Dorsch schrumpfte durch Überfischung
Die jahrzehntelange Überfischung in der Ostsee hat das Erbgut der Dorsche verändert: Sie vermehren sich bei immer kleinerer Grösse – ein Überlebensvorteil.

Überfischung hat sowohl die Bestände an Dorschen in der Ostsee als auch die Grösse der Fische stark vermindert. Sie seien heutzutage viel seltener und kleiner als früher, teilte das Geomar Helmholtz-Zentrum für Ozeanforschung in Kiel mit. Mit über einem Meter Länge bei bis zu 40 Kilogramm Gewicht sei der östliche Ostseedorsch früher ein Gigant gewesen. «Heute würde ein ausgewachsener Dorsch auf einen Teller passen.» Der gezielte Fang ist aufgrund des Zusammenbruchs der Bestände aber seit 2019 verboten.
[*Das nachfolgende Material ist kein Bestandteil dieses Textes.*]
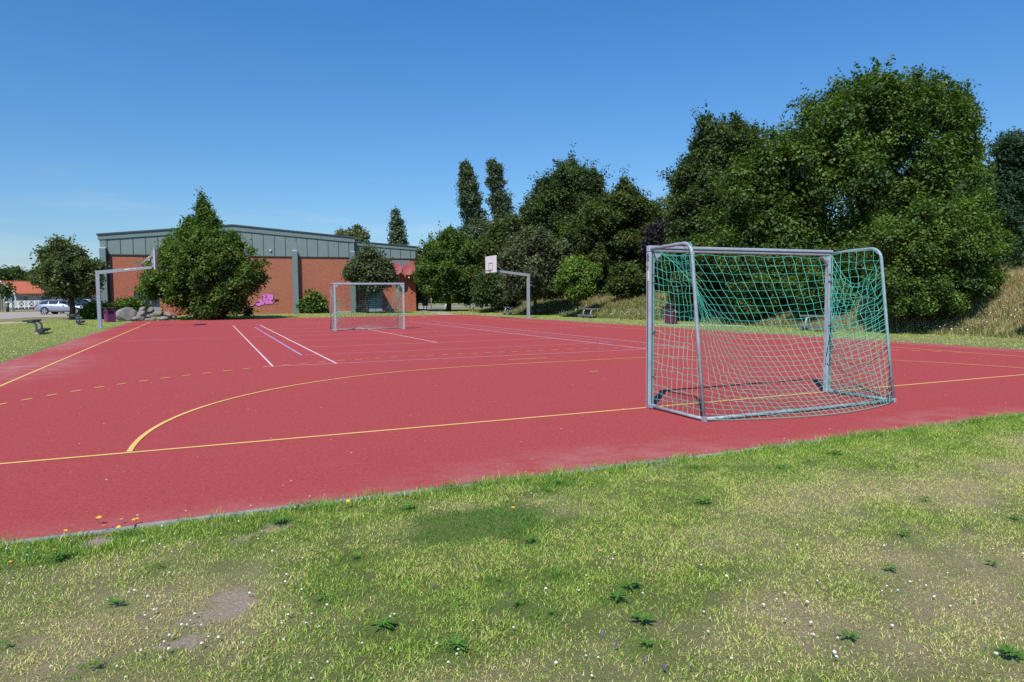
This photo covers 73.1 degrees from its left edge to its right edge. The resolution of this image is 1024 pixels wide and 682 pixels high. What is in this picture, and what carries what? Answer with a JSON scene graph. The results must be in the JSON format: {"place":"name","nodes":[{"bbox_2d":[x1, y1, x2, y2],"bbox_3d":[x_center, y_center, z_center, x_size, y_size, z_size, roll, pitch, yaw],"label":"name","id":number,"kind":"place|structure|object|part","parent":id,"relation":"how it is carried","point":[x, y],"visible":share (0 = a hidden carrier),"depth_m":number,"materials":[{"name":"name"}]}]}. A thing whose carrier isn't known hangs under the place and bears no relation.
{"place":"outdoors","nodes":[
{"label":"outdoors","id":0,"kind":"place"},
{"bbox_2d":[0,312,79,318],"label":"parking gravel","id":1,"kind":"structure","parent":0,"point":[8,315],"depth_m":64.33,"materials":[{"name":"grey gravel"}]},
{"bbox_2d":[34,299,82,313],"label":"parked car","id":2,"kind":"object","parent":1,"relation":"on","point":[47,307],"visible":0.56,"depth_m":67.52,"materials":[{"name":"silver metal"}]},
{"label":"side window","id":3,"kind":"part","parent":2,"relation":"part of","materials":[{"name":"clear glass"}]},
{"bbox_2d":[60,299,91,312],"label":"parked car","id":4,"kind":"object","parent":1,"relation":"on","point":[82,302],"visible":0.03,"depth_m":72.41,"materials":[{"name":"blue paint"}]},
{"bbox_2d":[0,280,101,309],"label":"holiday house","id":5,"kind":"structure","parent":0,"point":[25,291],"depth_m":105.81,"materials":[{"name":"orange tile"}]},
{"bbox_2d":[8,295,12,307],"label":"window","id":6,"kind":"structure","parent":5,"relation":"in","point":[10,300],"depth_m":108.51,"materials":[{"name":"white"}]},
{"bbox_2d":[19,294,23,306],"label":"window","id":7,"kind":"structure","parent":5,"relation":"in","point":[20,295],"depth_m":106.22,"materials":[{"name":"grey glass"}]},
{"bbox_2d":[23,296,28,303],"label":"window","id":8,"kind":"structure","parent":5,"relation":"in","point":[26,298],"depth_m":105.12,"materials":[{"name":"grey glass"}]},
{"bbox_2d":[40,296,51,300],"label":"window","id":9,"kind":"structure","parent":5,"relation":"in","point":[41,297],"depth_m":106.26,"materials":[{"name":"grey glass"}]},
{"bbox_2d":[0,320,128,360],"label":"grass","id":10,"kind":"structure","parent":0,"point":[48,324],"depth_m":30.74,"materials":[{"name":"green plant"}]},
{"bbox_2d":[144,310,518,320],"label":"grass","id":11,"kind":"structure","parent":0,"point":[358,314],"depth_m":57.03,"materials":[{"name":"green plant"}]},
{"bbox_2d":[417,308,456,314],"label":"dirt track","id":12,"kind":"structure","parent":0,"point":[431,311],"depth_m":66.14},
{"bbox_2d":[422,297,427,310],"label":"utility box","id":13,"kind":"object","parent":12,"relation":"on","point":[424,301],"visible":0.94,"depth_m":70.11,"materials":[{"name":"metal"}]},
{"bbox_2d":[418,305,490,307],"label":"asphalt path","id":14,"kind":"structure","parent":0,"point":[445,306],"depth_m":96.98,"materials":[{"name":"grey asphalt"}]},
{"bbox_2d":[0,295,1023,681],"bbox_3d":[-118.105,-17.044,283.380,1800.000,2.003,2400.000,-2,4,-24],"label":"lawn","id":15,"kind":"structure","parent":0,"point":[230,601],"depth_m":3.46,"materials":[{"name":"green plant"}]},
{"bbox_2d":[5,302,8,311],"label":"bollard","id":16,"kind":"object","parent":15,"relation":"on","point":[7,306],"visible":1,"depth_m":83.75,"materials":[{"name":"metal"}]},
{"bbox_2d":[0,281,16,311],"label":"staked sapling","id":17,"kind":"object","parent":15,"relation":"on","point":[6,292],"visible":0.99,"depth_m":85.61,"materials":[{"name":"green plant"}]},
{"bbox_2d":[0,264,27,280],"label":"tree","id":18,"kind":"object","parent":15,"relation":"on","point":[13,273],"visible":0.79,"depth_m":132.61,"materials":[{"name":"green plant"}]},
{"bbox_2d":[8,300,38,308],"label":"terrace railing","id":19,"kind":"object","parent":15,"relation":"on","point":[25,304],"visible":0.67,"depth_m":101.80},
{"bbox_2d":[22,266,35,280],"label":"tree","id":20,"kind":"object","parent":15,"relation":"on","point":[26,273],"visible":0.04,"depth_m":128.17,"materials":[{"name":"green plant"}]},
{"bbox_2d":[22,319,50,334],"bbox_3d":[-20.438,-0.610,29.695,0.688,0.615,1.750,-2,4,-24],"label":"bench","id":21,"kind":"object","parent":15,"relation":"on","point":[37,330],"visible":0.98,"depth_m":29.23,"materials":[{"name":"grey wood"}]},
{"bbox_2d":[46,549,68,558],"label":"weed plant","id":22,"kind":"object","parent":15,"relation":"on","point":[59,554],"visible":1,"depth_m":3.89,"materials":[{"name":"green plant"}]},
{"bbox_2d":[25,234,109,319],"bbox_3d":[-32.136,-4.599,49.863,6.684,6.335,4.420,2,5,34],"label":"round crown tree","id":23,"kind":"object","parent":15,"relation":"on","point":[64,268],"visible":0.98,"depth_m":48.63,"materials":[{"name":"green plant"}]},
{"bbox_2d":[67,314,84,324],"bbox_3d":[-25.148,-1.237,39.836,0.688,0.615,1.750,-2,4,-25],"label":"bench","id":24,"kind":"object","parent":15,"relation":"on","point":[79,322],"visible":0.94,"depth_m":39.35,"materials":[{"name":"grey wood"}]},
{"bbox_2d":[84,657,102,666],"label":"weed plant","id":25,"kind":"object","parent":15,"relation":"on","point":[93,662],"visible":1,"depth_m":2.74,"materials":[{"name":"green plant"}]},
{"bbox_2d":[77,299,114,318],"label":"light bush","id":26,"kind":"object","parent":15,"relation":"on","point":[88,310],"visible":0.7,"depth_m":50.46,"materials":[{"name":"green plant"}]},
{"bbox_2d":[104,307,116,321],"bbox_3d":[-25.581,-1.678,43.892,0.640,0.900,0.640,3,5,40],"label":"litter bin","id":27,"kind":"object","parent":15,"relation":"on","point":[109,315],"visible":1,"depth_m":43.75,"materials":[{"name":"purple metal"}]},
{"bbox_2d":[103,595,125,603],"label":"weed plant","id":28,"kind":"object","parent":15,"relation":"on","point":[111,599],"visible":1,"depth_m":3.31,"materials":[{"name":"green plant"}]},
{"bbox_2d":[116,307,136,320],"bbox_3d":[-25.642,-1.704,45.858,1.313,1.082,1.012,-3,5,-37],"label":"boulder","id":29,"kind":"object","parent":15,"relation":"on","point":[126,314],"visible":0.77,"depth_m":45.48,"materials":[{"name":"stone"}]},
{"bbox_2d":[107,296,151,313],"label":"side bush","id":30,"kind":"object","parent":15,"relation":"on","point":[132,302],"visible":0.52,"depth_m":55.17,"materials":[{"name":"green plant"}]},
{"bbox_2d":[95,248,168,328],"bbox_3d":[-19.231,-2.675,35.031,3.402,3.995,1.820,-2,4,-24],"label":"basketball hoop","id":31,"kind":"object","parent":15,"relation":"on","point":[98,291],"visible":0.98,"depth_m":34.50,"materials":[{"name":"metal"}]},
{"bbox_2d":[131,316,144,320],"bbox_3d":[-24.882,-1.479,45.926,0.854,0.410,0.703,-3,4,-32],"label":"boulder","id":32,"kind":"object","parent":15,"relation":"on","point":[138,318],"visible":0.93,"depth_m":45.73,"materials":[{"name":"stone"}]},
{"bbox_2d":[136,310,146,317],"bbox_3d":[-24.835,-1.766,46.172,0.762,0.555,0.689,-1,4,-1],"label":"boulder","id":33,"kind":"object","parent":32,"relation":"on","point":[141,313],"visible":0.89,"depth_m":46.01,"materials":[{"name":"stone"}]},
{"bbox_2d":[145,317,156,320],"bbox_3d":[-24.248,-1.447,46.213,0.610,0.252,0.727,2,4,31],"label":"boulder","id":34,"kind":"object","parent":15,"relation":"on","point":[151,319],"visible":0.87,"depth_m":46.01,"materials":[{"name":"stone"}]},
{"bbox_2d":[157,316,169,320],"bbox_3d":[-23.479,-1.526,46.489,0.776,0.299,0.689,-2,4,-23],"label":"boulder","id":35,"kind":"object","parent":15,"relation":"on","point":[161,318],"visible":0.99,"depth_m":46.32,"materials":[{"name":"stone"}]},
{"bbox_2d":[153,311,163,316],"bbox_3d":[-23.890,-1.846,46.605,0.666,0.408,0.658,-1,4,-12],"label":"boulder","id":36,"kind":"object","parent":35,"relation":"on","point":[158,313],"visible":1,"depth_m":46.37,"materials":[{"name":"grey stone"}]},
{"bbox_2d":[147,307,154,313],"bbox_3d":[-24.516,-2.089,46.855,0.376,0.461,0.449,3,5,44],"label":"boulder","id":37,"kind":"object","parent":36,"relation":"on","point":[150,310],"visible":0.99,"depth_m":46.74,"materials":[{"name":"stone"}]},
{"bbox_2d":[163,311,171,316],"bbox_3d":[-23.329,-1.794,46.841,0.573,0.467,0.501,-1,4,-8],"label":"boulder","id":38,"kind":"object","parent":35,"relation":"on","point":[167,313],"visible":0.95,"depth_m":46.69,"materials":[{"name":"grey stone"}]},
{"bbox_2d":[132,186,273,319],"bbox_3d":[-21.931,-5.776,48.730,8.272,10.061,11.040,-3,5,-35],"label":"pyramid tree","id":39,"kind":"object","parent":15,"relation":"on","point":[211,273],"visible":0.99,"depth_m":46.25,"materials":[{"name":"green plant"}]},
{"bbox_2d":[240,304,258,315],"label":"sapling shrub","id":40,"kind":"object","parent":15,"relation":"on","point":[248,311],"visible":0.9,"depth_m":56.29,"materials":[{"name":"green plant"}]},
{"bbox_2d":[96,224,416,314],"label":"sports hall","id":41,"kind":"structure","parent":15,"relation":"on","point":[302,261],"depth_m":63.04,"materials":[{"name":"red brick"}]},
{"bbox_2d":[140,297,159,314],"bbox_3d":[-31.451,-3.093,60.071,1.540,1.700,0.060,-2,4,-21],"label":"door","id":42,"kind":"structure","parent":41,"relation":"in","point":[154,305],"depth_m":60.14,"materials":[{"name":"grey metal"}]},
{"bbox_2d":[369,292,375,311],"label":"door","id":43,"kind":"structure","parent":41,"relation":"in","point":[372,303],"depth_m":67.12,"materials":[{"name":"grey metal"}]},
{"bbox_2d":[375,291,381,310],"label":"door","id":44,"kind":"structure","parent":41,"relation":"in","point":[378,307],"depth_m":67.35,"materials":[{"name":"grey metal"}]},
{"bbox_2d":[393,263,401,277],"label":"satellite dish","id":45,"kind":"object","parent":41,"relation":"attached to","point":[398,267],"visible":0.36,"depth_m":67.23,"materials":[{"name":"metal"}]},
{"bbox_2d":[402,263,414,277],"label":"satellite dish","id":46,"kind":"object","parent":41,"relation":"attached to","point":[407,268],"visible":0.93,"depth_m":67.62,"materials":[{"name":"metal"}]},
{"bbox_2d":[270,515,287,521],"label":"weed plant","id":47,"kind":"object","parent":15,"relation":"on","point":[278,519],"visible":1,"depth_m":4.49,"materials":[{"name":"green plant"}]},
{"bbox_2d":[297,288,328,313],"bbox_3d":[-18.335,-3.401,63.339,3.060,3.177,2.505,-2,4,-24],"label":"bush","id":48,"kind":"object","parent":15,"relation":"on","point":[314,302],"visible":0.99,"depth_m":62.88,"materials":[{"name":"green plant"}]},
{"bbox_2d":[334,223,370,241],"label":"pale tree","id":49,"kind":"object","parent":15,"relation":"on","point":[357,232],"visible":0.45,"depth_m":86.39,"materials":[{"name":"green plant"}]},
{"bbox_2d":[340,240,398,312],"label":"tree","id":50,"kind":"object","parent":15,"relation":"on","point":[367,265],"visible":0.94,"depth_m":60.28,"materials":[{"name":"green plant"}]},
{"bbox_2d":[367,615,394,628],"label":"weed plant","id":51,"kind":"object","parent":15,"relation":"on","point":[387,621],"visible":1,"depth_m":3.06,"materials":[{"name":"green plant"}]},
{"bbox_2d":[386,206,409,245],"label":"poplar tree","id":52,"kind":"object","parent":15,"relation":"on","point":[396,234],"visible":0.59,"depth_m":118.44,"materials":[{"name":"green plant"}]},
{"bbox_2d":[402,502,413,507],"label":"weed plant","id":53,"kind":"object","parent":15,"relation":"on","point":[408,505],"visible":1,"depth_m":4.78,"materials":[{"name":"green plant"}]},
{"bbox_2d":[415,245,426,309],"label":"tree","id":54,"kind":"object","parent":15,"relation":"on","point":[418,254],"visible":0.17,"depth_m":73.20,"materials":[{"name":"green plant"}]},
{"bbox_2d":[411,221,483,310],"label":"hornbeam tree","id":55,"kind":"object","parent":15,"relation":"on","point":[443,269],"visible":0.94,"depth_m":65.69,"materials":[{"name":"green plant"}]},
{"bbox_2d":[445,633,468,650],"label":"weed plant","id":56,"kind":"object","parent":15,"relation":"on","point":[454,642],"visible":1,"depth_m":2.88,"materials":[{"name":"green plant"}]},
{"bbox_2d":[418,293,525,302],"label":"distant woodland","id":57,"kind":"object","parent":15,"relation":"on","point":[436,301],"depth_m":147.71,"materials":[{"name":"green plant"}]},
{"bbox_2d":[450,158,497,306],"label":"poplar tree","id":58,"kind":"object","parent":15,"relation":"on","point":[474,216],"visible":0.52,"depth_m":92.87,"materials":[{"name":"green plant"}]},
{"bbox_2d":[468,269,520,311],"bbox_3d":[-1.386,-4.498,59.926,5.018,4.275,4.903,-2,4,-24],"label":"dark shrub","id":59,"kind":"object","parent":15,"relation":"on","point":[486,292],"visible":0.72,"depth_m":58.73,"materials":[{"name":"green plant"}]},
{"bbox_2d":[469,210,524,288],"bbox_3d":[-0.638,-7.437,63.873,6.737,9.251,5.783,-1,4,-3],"label":"olive tree","id":60,"kind":"object","parent":15,"relation":"on","point":[491,243],"visible":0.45,"depth_m":62.32,"materials":[{"name":"green plant"}]},
{"bbox_2d":[484,157,518,221],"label":"poplar tree","id":61,"kind":"object","parent":15,"relation":"on","point":[499,202],"visible":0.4,"depth_m":95.03,"materials":[{"name":"green plant"}]},
{"bbox_2d":[481,255,529,317],"bbox_3d":[-0.346,-3.428,44.114,3.402,3.995,1.820,-2,4,-24],"label":"basketball hoop","id":62,"kind":"object","parent":15,"relation":"on","point":[491,263],"visible":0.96,"depth_m":44.08,"materials":[{"name":"metal"}]},
{"bbox_2d":[500,307,516,314],"bbox_3d":[-0.251,-2.307,52.989,0.688,0.615,1.750,-2,4,-24],"label":"bench","id":63,"kind":"object","parent":15,"relation":"on","point":[509,313],"visible":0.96,"depth_m":52.61,"materials":[{"name":"grey wood"}]},
{"bbox_2d":[3,314,1015,544],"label":"kerb","id":64,"kind":"structure","parent":15,"relation":"on","point":[156,523],"depth_m":4.76,"materials":[{"name":"concrete"}]},
{"bbox_2d":[0,315,1023,540],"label":"court","id":65,"kind":"object","parent":15,"relation":"on","point":[465,397],"visible":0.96,"depth_m":9.31,"materials":[{"name":"red rubber"}]},
{"bbox_2d":[330,283,404,330],"bbox_3d":[-6.488,-1.533,30.685,3.124,2.073,1.474,-2,4,-25],"label":"football goal","id":66,"kind":"object","parent":65,"relation":"on","point":[335,285],"visible":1,"depth_m":30.48,"materials":[{"name":"metal"}]},
{"bbox_2d":[646,242,895,421],"bbox_3d":[3.491,-0.186,8.839,3.237,2.084,1.474,-2,4,-24],"label":"football goal","id":67,"kind":"object","parent":65,"relation":"on","point":[654,254],"visible":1,"depth_m":8.85,"materials":[{"name":"metal"}]},
{"bbox_2d":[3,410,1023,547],"bbox_3d":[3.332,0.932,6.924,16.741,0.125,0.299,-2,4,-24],"label":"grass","id":68,"kind":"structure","parent":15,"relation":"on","point":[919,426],"depth_m":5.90,"materials":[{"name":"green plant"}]},
{"bbox_2d":[521,535,533,541],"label":"weed plant","id":69,"kind":"object","parent":15,"relation":"on","point":[529,538],"visible":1,"depth_m":4.11,"materials":[{"name":"green plant"}]},
{"bbox_2d":[495,222,576,314],"bbox_3d":[2.266,-5.387,51.725,7.243,7.082,6.749,-2,4,-24],"label":"grey green tree","id":70,"kind":"object","parent":15,"relation":"on","point":[538,255],"visible":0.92,"depth_m":50.02,"materials":[{"name":"green plant"}]},
{"bbox_2d":[516,143,614,294],"bbox_3d":[4.891,-10.995,67.073,11.489,16.428,12.097,0,4,9],"label":"oak tree","id":71,"kind":"object","parent":15,"relation":"on","point":[554,196],"visible":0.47,"depth_m":64.88,"materials":[{"name":"green plant"}]},
{"bbox_2d":[552,254,603,316],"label":"tree","id":72,"kind":"object","parent":15,"relation":"on","point":[577,278],"visible":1,"depth_m":45.02,"materials":[{"name":"green plant"}]},
{"bbox_2d":[577,308,598,317],"bbox_3d":[4.891,-1.781,44.340,0.688,0.615,1.750,-2,4,-21],"label":"bench","id":73,"kind":"object","parent":15,"relation":"on","point":[590,315],"visible":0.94,"depth_m":44.13,"materials":[{"name":"grey wood"}]},
{"bbox_2d":[553,164,666,300],"bbox_3d":[8.120,-8.123,56.017,10.848,12.310,9.821,-2,4,-24],"label":"round tree","id":74,"kind":"object","parent":15,"relation":"on","point":[606,230],"visible":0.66,"depth_m":53.28,"materials":[{"name":"green plant"}]},
{"bbox_2d":[605,587,627,600],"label":"weed plant","id":75,"kind":"object","parent":15,"relation":"on","point":[613,594],"visible":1,"depth_m":3.32,"materials":[{"name":"green plant"}]},
{"bbox_2d":[605,255,654,298],"bbox_3d":[8.019,-4.147,47.028,3.339,3.268,3.557,0,4,9],"label":"bush","id":76,"kind":"object","parent":15,"relation":"on","point":[628,278],"visible":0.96,"depth_m":46.15,"materials":[{"name":"green plant"}]},
{"bbox_2d":[619,578,641,588],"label":"weed plant","id":77,"kind":"object","parent":15,"relation":"on","point":[627,582],"visible":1,"depth_m":3.45,"materials":[{"name":"green plant"}]},
{"bbox_2d":[628,611,657,620],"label":"weed plant","id":78,"kind":"object","parent":15,"relation":"on","point":[638,615],"visible":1,"depth_m":3.09,"materials":[{"name":"green plant"}]},
{"bbox_2d":[637,637,653,645],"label":"weed plant","id":79,"kind":"object","parent":15,"relation":"on","point":[648,641],"visible":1,"depth_m":2.88,"materials":[{"name":"green plant"}]},
{"bbox_2d":[636,219,669,293],"bbox_3d":[10.953,-6.098,51.813,3.125,6.166,2.847,1,4,26],"label":"purple shrub","id":80,"kind":"object","parent":15,"relation":"on","point":[654,232],"visible":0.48,"depth_m":51.19,"materials":[{"name":"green plant"}]},
{"bbox_2d":[660,192,672,232],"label":"feathery tree","id":81,"kind":"object","parent":15,"relation":"on","point":[666,209],"visible":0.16,"depth_m":59.27,"materials":[{"name":"green plant"}]},
{"bbox_2d":[663,305,678,323],"bbox_3d":[7.900,-1.325,34.313,0.600,0.900,0.600,2,5,37],"label":"litter bin","id":82,"kind":"object","parent":15,"relation":"on","point":[672,320],"visible":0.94,"depth_m":34.15,"materials":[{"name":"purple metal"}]},
{"bbox_2d":[656,226,735,317],"bbox_3d":[10.203,-3.748,38.151,5.874,5.095,5.251,-2,4,-24],"label":"hedge shrub","id":83,"kind":"object","parent":15,"relation":"on","point":[699,273],"visible":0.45,"depth_m":36.63,"materials":[{"name":"green plant"}]},
{"bbox_2d":[694,496,712,502],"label":"weed plant","id":84,"kind":"object","parent":15,"relation":"on","point":[704,498],"visible":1,"depth_m":4.84,"materials":[{"name":"green plant"}]},
{"bbox_2d":[656,100,769,281],"bbox_3d":[12.941,-8.198,41.446,8.425,11.421,7.974,0,4,12],"label":"dark tree","id":85,"kind":"object","parent":15,"relation":"on","point":[712,145],"visible":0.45,"depth_m":39.38,"materials":[{"name":"green plant"}]},
{"bbox_2d":[500,292,1019,330],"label":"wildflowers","id":86,"kind":"object","parent":15,"relation":"on","point":[780,320],"visible":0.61,"depth_m":30.51,"materials":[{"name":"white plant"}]},
{"bbox_2d":[714,214,815,321],"bbox_3d":[12.247,-3.435,32.686,6.074,5.348,4.746,-2,4,-24],"label":"hedge shrub","id":87,"kind":"object","parent":15,"relation":"on","point":[756,274],"visible":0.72,"depth_m":31.63,"materials":[{"name":"green plant"}]},
{"bbox_2d":[794,315,843,330],"bbox_3d":[11.889,-0.688,26.812,0.688,0.615,1.750,-2,4,-25],"label":"bench","id":88,"kind":"object","parent":15,"relation":"on","point":[806,326],"visible":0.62,"depth_m":26.97,"materials":[{"name":"grey wood"}]},
{"bbox_2d":[782,226,875,319],"bbox_3d":[14.450,-2.953,29.796,5.566,4.244,5.114,0,4,7],"label":"hedge shrub","id":89,"kind":"object","parent":15,"relation":"on","point":[847,261],"visible":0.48,"depth_m":28.71,"materials":[{"name":"green plant"}]},
{"bbox_2d":[654,228,1023,293],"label":"undergrowth","id":90,"kind":"object","parent":15,"relation":"on","point":[1020,262],"visible":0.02,"depth_m":32.24,"materials":[{"name":"green plant"}]},
{"bbox_2d":[686,54,1005,305],"bbox_3d":[17.475,-7.437,35.438,18.883,13.550,12.758,-2,4,-24],"label":"maple tree","id":91,"kind":"object","parent":15,"relation":"on","point":[851,146],"visible":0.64,"depth_m":32.28,"materials":[{"name":"green plant"}]},
{"bbox_2d":[836,628,859,639],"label":"weed plant","id":92,"kind":"object","parent":15,"relation":"on","point":[851,634],"visible":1,"depth_m":2.93,"materials":[{"name":"green plant"}]},
{"bbox_2d":[699,263,1023,338],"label":"tall grass","id":93,"kind":"structure","parent":15,"relation":"on","point":[1009,287],"depth_m":25.38,"materials":[{"name":"plant"}]},
{"bbox_2d":[884,562,898,569],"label":"weed plant","id":94,"kind":"object","parent":15,"relation":"on","point":[892,565],"visible":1,"depth_m":3.65,"materials":[{"name":"green plant"}]},
{"bbox_2d":[854,183,1017,324],"bbox_3d":[15.663,-3.181,25.439,5.637,5.265,5.012,0,4,8],"label":"green shrub","id":95,"kind":"object","parent":15,"relation":"on","point":[937,258],"visible":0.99,"depth_m":24.02,"materials":[{"name":"green plant"}]},
{"bbox_2d":[985,125,1023,270],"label":"tree","id":96,"kind":"object","parent":15,"relation":"on","point":[1007,152],"visible":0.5,"depth_m":41.09,"materials":[{"name":"green plant"}]},
{"bbox_2d":[996,642,1023,658],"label":"weed plant","id":97,"kind":"object","parent":15,"relation":"on","point":[1007,648],"visible":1,"depth_m":2.77,"materials":[{"name":"green plant"}]},
{"bbox_2d":[0,0,1023,299],"label":"sky","id":98,"kind":"structure","parent":0,"point":[315,116],"materials":[{"name":"blue"}]},
{"bbox_2d":[469,290,727,321],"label":"tall grass","id":99,"kind":"structure","parent":0,"point":[634,303],"depth_m":46.04,"materials":[{"name":"green plant"}]},
{"bbox_2d":[472,313,1023,348],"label":"grass","id":100,"kind":"structure","parent":0,"point":[669,325],"depth_m":26.60,"materials":[{"name":"green plant"}]}
]}

Im Zusammenspiel mit Umweltveränderungen habe sich die jahrzehntelange intensive Befischung gravierend auf das Erbgut der Fische ausgewirkt, berichtet ein Forschungsteam im Fachjournal «Science Advances». Dadurch würden die Fische bei immer geringerer Grösse geschlechtsreif und pflanzen sich schon bei unter 20 Zentimetern Länge fort.
«Wenn über Jahre hinweg bevorzugt die grössten Tiere weggefangen werden, gibt das den kleineren, schneller reifen Individuen einen evolutionären Vorteil», sagte Thorsten Reusch, Leiter des Forschungsbereichs Marine Ökologie am Geomar. «Was wir beobachten, ist eine durch Menschen ausgelöste Evolution – fischereiinduzierte Selektion.»
Wachstumsringe wie bei Bäumen
Für den Nachweis hatten die Forschenden die Gehörsteinchen von 152 Dorschen (Gadus morhua) analysiert, die zwischen 1996 und 2019 im Bornholm-Becken gefangen worden waren. An den sogenannten Otolithen kann das Alter anhand von Wachstumsringen – vergleichbar mit den Jahresringen von Bäumen – abgelesen werden.
Erbgutanalysen liessen bestimmte Genvarianten erkennen, die mit dem Körperwachstum in Verbindung stehen und über die Zeit hinweg Anzeichen gerichteter Selektion zeigten – also systematisch häufiger oder seltener wurden. Tiere mit einer genetischen Ausstattung, die sie vergleichsweise schnell wachsen lässt, sind demnach im Vergleich zu vor 30 Jahren beinahe ausgestorben.
Kleiner Fische haben weniger Nachwuchs
Ökologisch sei das hochdramatisch, erklärte Reusch: Die nun auf frühe Geschlechtsreife programmierten, kleineren Fische bringen weniger Nachwuchs zur Welt. Aktuelle Daten zeigten, dass trotz mehrjährigem Fangverbot bisher keine Erholung der Grössenverteilung zu erkennen ist. Auch die Gesamtpopulation hat sich bisher nicht erholt.
Der östliche Ostseedorsch ist eine Population des atlantischen Dorsches (Gadus morhua), die in der zentralen Ostsee beheimatet ist. Die Population trennte sich vor 7.000 bis 8.000 Jahren von den anderen atlantischen Populationen, als die Ostsee entstand. Biologisch und genetisch unterscheidet er sich von anderen atlantischen Beständen wie dem westlichen Ostseedorsch oder dem Nordsee-Kabeljau.